From the view of the ancients, this moment is nothing short of mythic. Once, only gods and spirits were believed to possess the power of omniscient vision — the ability to perceive beyond the limits of human sight. Yet now, machines, the creations of our own hands, have inherited a shadow of that power. They see what we cannot — patterns in chaos, meaning in noise, the unseen relationships hidden in vast oceans of data. But though they see, they do not understand as we do. Their vision is mechanical, their comprehension mathematical. And so Krieger’s reflection becomes an ancient question reborn: what does it mean to see?

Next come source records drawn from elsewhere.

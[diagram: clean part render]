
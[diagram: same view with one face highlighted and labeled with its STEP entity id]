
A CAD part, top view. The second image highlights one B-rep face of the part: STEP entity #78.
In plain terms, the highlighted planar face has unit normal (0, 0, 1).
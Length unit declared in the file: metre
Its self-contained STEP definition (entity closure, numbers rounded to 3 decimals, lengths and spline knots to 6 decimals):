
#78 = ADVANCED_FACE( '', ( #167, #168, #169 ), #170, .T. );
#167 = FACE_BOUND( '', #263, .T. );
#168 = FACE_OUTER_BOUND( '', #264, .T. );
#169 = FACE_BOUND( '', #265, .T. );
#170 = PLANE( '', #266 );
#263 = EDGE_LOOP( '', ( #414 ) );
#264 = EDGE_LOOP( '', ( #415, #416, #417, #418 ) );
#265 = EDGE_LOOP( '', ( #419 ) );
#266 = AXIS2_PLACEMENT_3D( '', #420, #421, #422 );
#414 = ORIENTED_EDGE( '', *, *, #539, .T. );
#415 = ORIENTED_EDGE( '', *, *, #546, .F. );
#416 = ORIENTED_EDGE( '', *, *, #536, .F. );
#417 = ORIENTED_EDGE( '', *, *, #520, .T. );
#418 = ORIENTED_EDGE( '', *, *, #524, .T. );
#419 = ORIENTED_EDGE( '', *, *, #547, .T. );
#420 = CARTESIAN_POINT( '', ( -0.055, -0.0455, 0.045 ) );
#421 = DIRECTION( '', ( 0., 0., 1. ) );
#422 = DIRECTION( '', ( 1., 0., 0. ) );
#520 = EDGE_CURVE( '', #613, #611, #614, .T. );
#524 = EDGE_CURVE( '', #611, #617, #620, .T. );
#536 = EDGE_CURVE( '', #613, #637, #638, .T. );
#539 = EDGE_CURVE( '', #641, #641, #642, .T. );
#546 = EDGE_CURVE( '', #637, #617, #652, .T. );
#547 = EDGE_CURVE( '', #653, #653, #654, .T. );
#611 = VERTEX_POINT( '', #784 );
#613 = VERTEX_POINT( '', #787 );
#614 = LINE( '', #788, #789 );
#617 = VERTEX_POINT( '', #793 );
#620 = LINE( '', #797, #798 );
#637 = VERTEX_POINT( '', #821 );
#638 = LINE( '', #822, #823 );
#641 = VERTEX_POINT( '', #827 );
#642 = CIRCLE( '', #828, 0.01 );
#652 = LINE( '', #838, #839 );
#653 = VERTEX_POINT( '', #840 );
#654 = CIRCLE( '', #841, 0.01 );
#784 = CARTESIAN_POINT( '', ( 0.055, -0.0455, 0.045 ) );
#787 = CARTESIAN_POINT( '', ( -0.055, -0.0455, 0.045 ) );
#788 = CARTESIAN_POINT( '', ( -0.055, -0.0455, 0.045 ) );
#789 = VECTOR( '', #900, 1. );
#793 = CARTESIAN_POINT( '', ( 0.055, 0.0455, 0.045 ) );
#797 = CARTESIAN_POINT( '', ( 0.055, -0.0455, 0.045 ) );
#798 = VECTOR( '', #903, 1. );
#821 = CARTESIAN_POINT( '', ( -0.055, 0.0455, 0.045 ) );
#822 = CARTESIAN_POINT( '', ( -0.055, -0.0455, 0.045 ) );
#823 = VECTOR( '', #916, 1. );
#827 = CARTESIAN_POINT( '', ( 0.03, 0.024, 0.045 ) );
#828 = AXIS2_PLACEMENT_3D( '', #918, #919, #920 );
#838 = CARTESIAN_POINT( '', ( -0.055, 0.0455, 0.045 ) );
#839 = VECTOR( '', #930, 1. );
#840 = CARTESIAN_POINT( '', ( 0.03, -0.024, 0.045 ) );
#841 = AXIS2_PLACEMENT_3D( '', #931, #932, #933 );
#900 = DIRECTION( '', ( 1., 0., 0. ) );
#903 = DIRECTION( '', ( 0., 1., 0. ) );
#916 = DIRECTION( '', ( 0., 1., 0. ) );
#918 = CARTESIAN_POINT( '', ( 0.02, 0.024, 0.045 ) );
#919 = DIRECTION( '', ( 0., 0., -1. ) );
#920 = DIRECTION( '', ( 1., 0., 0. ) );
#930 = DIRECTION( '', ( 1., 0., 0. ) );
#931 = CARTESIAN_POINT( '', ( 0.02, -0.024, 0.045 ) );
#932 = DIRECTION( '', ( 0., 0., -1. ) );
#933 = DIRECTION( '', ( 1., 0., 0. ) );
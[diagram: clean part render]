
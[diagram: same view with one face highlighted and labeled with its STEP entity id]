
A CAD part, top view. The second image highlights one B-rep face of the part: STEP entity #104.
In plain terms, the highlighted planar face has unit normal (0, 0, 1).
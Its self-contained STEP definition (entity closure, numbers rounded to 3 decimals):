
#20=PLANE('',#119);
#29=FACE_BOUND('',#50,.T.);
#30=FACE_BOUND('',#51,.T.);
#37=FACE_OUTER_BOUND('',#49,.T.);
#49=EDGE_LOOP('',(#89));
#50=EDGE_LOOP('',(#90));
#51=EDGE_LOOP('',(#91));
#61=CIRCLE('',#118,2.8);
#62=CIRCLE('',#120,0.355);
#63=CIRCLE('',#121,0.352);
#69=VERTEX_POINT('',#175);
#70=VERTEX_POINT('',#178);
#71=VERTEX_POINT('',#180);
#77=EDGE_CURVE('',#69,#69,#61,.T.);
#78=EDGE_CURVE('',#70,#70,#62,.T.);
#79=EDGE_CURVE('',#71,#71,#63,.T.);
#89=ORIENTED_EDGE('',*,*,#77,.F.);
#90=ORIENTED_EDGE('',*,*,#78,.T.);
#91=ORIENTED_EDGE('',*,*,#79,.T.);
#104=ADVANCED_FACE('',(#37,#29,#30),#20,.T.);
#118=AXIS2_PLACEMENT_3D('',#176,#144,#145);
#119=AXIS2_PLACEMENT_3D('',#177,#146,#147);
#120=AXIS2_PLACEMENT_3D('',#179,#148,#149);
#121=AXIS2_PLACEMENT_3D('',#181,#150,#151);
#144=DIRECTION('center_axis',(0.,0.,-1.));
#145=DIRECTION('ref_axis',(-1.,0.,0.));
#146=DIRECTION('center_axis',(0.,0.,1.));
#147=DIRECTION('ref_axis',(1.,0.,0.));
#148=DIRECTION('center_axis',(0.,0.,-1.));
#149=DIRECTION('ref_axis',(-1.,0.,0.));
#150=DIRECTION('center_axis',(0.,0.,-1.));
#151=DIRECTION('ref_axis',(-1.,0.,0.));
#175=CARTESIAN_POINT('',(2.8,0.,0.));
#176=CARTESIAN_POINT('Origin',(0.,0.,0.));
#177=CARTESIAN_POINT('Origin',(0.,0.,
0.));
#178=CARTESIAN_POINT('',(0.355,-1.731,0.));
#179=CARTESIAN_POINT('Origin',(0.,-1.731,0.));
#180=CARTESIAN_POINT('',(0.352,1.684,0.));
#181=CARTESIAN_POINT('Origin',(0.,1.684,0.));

To see, in the truest sense, has never been merely to look. It is to perceive, to connect what is seen with what is known, and to draw wisdom from that union. The eye perceives, but the soul interprets. Machines can analyze a thousand images in a heartbeat, but they do not yet feel wonder before a sunrise or sorrow in a photograph of loss. Their vision is pure but hollow — an echo of our own. Yet, in their simplicity, they teach us something profound: that seeing without understanding is blindness of another kind.
Consider the parable of Daedalus and Icarus, the inventors of old. Daedalus crafted wings of wax and feather — marvels of human ingenuity. But his son, overcome by pride, flew too close to the sun and fell. So too does Krieger’s warning echo through the centuries: that knowledge without wisdom leads to peril. Humanity, in teaching machines to see, must not lose sight of its own moral compass. We must remember that vision is sacred — not only the power to perceive but the responsibility to discern rightly what is seen.

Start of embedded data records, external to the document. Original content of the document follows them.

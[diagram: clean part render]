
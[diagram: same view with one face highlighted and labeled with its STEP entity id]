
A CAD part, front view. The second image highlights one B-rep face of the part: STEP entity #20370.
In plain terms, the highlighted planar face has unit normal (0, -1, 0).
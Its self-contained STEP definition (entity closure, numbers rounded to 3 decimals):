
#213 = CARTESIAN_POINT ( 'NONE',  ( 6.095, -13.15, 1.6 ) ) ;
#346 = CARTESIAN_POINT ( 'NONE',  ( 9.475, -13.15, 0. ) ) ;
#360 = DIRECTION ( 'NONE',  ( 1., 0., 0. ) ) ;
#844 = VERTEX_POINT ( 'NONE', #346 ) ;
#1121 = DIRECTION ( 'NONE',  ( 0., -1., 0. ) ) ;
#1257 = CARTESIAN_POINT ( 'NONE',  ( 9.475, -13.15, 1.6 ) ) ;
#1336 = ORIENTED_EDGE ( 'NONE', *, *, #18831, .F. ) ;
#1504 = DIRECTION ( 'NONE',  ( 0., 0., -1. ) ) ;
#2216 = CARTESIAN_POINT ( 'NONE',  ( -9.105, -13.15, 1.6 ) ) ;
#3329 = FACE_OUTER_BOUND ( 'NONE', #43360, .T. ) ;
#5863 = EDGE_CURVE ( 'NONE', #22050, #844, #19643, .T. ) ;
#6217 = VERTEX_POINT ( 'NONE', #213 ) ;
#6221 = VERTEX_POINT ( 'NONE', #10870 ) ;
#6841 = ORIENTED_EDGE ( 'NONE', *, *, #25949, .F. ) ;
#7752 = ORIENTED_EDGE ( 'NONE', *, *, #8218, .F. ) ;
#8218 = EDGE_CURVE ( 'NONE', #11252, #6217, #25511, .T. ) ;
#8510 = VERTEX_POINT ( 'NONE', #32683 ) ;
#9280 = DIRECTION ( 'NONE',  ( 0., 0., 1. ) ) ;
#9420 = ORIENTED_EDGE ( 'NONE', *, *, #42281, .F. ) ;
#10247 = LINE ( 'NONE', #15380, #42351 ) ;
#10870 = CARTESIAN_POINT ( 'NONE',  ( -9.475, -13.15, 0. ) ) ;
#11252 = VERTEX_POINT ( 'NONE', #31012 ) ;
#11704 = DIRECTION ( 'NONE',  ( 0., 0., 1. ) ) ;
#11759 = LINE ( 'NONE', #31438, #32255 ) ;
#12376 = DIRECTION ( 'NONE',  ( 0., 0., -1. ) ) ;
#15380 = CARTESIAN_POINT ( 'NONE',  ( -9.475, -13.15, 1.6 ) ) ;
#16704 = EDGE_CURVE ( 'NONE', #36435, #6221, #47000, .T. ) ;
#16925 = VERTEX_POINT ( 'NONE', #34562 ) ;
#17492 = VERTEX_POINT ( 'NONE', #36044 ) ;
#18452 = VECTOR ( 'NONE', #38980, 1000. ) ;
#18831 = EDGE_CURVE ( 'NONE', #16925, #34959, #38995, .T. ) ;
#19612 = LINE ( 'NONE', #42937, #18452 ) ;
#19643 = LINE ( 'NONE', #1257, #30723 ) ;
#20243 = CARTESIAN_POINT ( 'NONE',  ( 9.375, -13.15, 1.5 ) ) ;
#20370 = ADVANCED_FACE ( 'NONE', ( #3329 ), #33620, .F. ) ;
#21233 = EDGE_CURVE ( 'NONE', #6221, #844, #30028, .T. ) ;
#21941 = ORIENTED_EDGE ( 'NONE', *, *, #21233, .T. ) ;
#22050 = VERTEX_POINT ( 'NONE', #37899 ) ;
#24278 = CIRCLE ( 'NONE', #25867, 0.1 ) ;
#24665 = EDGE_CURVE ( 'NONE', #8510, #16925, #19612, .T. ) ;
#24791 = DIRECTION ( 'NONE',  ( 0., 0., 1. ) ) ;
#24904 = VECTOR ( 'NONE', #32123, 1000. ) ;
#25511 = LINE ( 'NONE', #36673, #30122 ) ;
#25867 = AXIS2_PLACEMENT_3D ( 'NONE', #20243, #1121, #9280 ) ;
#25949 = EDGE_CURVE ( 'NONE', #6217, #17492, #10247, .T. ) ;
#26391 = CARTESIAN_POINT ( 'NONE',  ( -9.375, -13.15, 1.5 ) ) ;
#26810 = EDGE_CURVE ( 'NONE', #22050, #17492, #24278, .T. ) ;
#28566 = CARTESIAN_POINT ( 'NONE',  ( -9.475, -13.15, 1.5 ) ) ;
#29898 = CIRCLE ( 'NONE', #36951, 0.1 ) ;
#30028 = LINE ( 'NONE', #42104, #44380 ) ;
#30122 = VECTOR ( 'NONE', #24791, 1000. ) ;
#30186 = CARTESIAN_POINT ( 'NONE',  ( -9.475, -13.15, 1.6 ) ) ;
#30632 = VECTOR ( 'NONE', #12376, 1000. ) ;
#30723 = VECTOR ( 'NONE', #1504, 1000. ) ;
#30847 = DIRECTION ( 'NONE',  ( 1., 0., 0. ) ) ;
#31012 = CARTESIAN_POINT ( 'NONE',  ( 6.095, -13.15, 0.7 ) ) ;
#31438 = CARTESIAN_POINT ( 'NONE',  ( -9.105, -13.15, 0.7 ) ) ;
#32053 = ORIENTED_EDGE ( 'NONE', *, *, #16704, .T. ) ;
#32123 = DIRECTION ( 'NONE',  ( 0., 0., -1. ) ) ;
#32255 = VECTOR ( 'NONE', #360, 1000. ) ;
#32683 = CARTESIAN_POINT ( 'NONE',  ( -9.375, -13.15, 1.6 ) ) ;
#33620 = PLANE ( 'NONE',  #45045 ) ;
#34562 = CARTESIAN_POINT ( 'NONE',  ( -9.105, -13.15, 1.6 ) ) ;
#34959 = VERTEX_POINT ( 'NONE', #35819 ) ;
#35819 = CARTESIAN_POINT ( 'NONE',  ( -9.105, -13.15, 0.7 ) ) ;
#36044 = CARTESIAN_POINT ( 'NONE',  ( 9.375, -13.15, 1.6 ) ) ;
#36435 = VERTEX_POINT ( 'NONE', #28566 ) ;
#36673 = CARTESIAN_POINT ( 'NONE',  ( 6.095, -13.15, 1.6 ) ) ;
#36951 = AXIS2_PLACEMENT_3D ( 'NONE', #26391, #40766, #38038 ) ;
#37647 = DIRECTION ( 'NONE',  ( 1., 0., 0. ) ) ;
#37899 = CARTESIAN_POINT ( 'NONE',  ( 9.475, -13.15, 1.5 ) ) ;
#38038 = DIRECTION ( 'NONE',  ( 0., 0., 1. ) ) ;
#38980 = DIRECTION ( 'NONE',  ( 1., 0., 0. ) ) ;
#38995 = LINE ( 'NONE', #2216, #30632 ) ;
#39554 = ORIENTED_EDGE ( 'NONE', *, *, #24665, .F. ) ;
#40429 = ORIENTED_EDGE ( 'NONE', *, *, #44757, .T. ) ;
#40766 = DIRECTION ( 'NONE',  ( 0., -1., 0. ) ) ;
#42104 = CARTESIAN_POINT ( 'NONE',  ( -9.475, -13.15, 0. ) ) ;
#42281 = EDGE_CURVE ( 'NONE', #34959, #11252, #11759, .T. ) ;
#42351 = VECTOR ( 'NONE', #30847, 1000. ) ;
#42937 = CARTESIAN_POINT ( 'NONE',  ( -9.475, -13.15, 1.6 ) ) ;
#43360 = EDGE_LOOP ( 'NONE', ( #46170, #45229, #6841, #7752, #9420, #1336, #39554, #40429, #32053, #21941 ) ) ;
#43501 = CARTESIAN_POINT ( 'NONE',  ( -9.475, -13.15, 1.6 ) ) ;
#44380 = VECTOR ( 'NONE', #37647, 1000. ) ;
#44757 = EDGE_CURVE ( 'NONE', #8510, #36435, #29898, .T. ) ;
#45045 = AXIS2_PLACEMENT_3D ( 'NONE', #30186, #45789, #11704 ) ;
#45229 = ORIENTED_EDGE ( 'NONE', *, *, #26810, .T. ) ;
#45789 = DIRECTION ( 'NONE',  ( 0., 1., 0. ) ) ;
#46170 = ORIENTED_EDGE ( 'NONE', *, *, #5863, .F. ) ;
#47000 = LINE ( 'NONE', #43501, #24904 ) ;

And yet, there is hope and grandeur in this moment. Krieger’s words speak of a future where human and machine vision might not be adversaries, but partners. Machine learning, like a child of reason, learns not by magic but by imitation — it learns from us. What it sees reflects what we show it. If we teach it kindness, it will recognize kindness; if we teach it prejudice, it will amplify it. Thus, the wisdom of this age is not to fear technology, but to guide it, to imbue it with the values that make us human.
So let this be the teaching: understand what you create. Do not let the marvels of your own invention become mysteries to you. Seek to know what your machines see, not only through code but through conscience. Learn their language, so that their sight may serve truth, not illusion. For the eye of the machine is a mirror — and what it reflects depends on the soul of the one who built it.
In the end, Mike Krieger’s words are a reminder that learning and awareness must grow together. As our creations grow more powerful, so too must our wisdom deepen. The ancients once said, “To know is to see.” Now we must add: “To see truly is to understand.” May we teach our machines to see the world — and, in doing so, never forget to open our own eyes.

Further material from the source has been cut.